As with many mental illnesses, eating disorders are not well understood by our society. They are not fads, phases, or ‘diets gone wrong’. Assumptions abound about the sort of people who are affected, and images we see online don’t help address the reality.
While estimates suggest eating disorders affect more than 1.25 million people in the UK, the true figure could be far higher. This is because stigma and misconceptions can make it harder for people and their families to seek support in the first place – meaning the illness goes on for longer and recovery becomes a much more difficult process. These illnesses require urgent care before they become so entrenched that hospitalisation is needed to save a life.
Eating disorders do not discriminate and we need to break down the barriers to early support, regardless of background or geography. Representing a rural constituency and replying to correspondence from affected families, I was shocked by how little has been done in Scotland to extend services away from cities.
For example, one constituent had never received a home visit from a specialist in three years, as per clinical guidance, despite a fear of being observed on a webcam, or indeed leaving the house.

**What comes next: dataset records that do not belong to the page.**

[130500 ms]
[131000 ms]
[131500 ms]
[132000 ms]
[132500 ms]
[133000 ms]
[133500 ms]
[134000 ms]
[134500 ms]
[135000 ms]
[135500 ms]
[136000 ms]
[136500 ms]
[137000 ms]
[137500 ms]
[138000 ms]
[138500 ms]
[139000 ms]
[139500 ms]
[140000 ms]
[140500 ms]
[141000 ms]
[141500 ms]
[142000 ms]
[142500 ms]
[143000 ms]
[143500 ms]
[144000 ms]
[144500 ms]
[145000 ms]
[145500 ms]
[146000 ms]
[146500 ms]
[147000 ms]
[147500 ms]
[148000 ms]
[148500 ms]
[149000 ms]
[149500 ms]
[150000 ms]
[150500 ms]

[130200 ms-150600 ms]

In March the Scottish Government set out a “vision” for how services could look in the next five years, and there is much to commend if investment in equal geographic distribution comes true. However there is still no commitment to treatment times beyond the standard 18 weeks in Scotland.
In England last year, all ‘routine’ cases in children and young people were to be seen within four weeks and all ‘urgent’ cases within one week. While that was understandably a difficult target during the pandemic, progress to 80 and 90 percent showed that it is achievable.
And there is still more to do for those who aren’t covered by those targets. Despite the fact one in 10 eating disorder sufferers is male, it takes men and boys almost three times as long to receive a referral to treatment following their first visit to a GP as a woman. And hard though it may be to believe, more adults suffer from eating disorders than young people – again, our stereotypes about these illnesses mean older sufferers often go unnoticed.
While we talk frankly about physical problems, we struggle to do the same for mental ones; eating disorders in particular thrive on secrecy, and it is only by bringing them to the forefront of society’s collective consciousness that we can hope to show sufferers they are not alone. It is ok to speak out, it is ok to ask for help.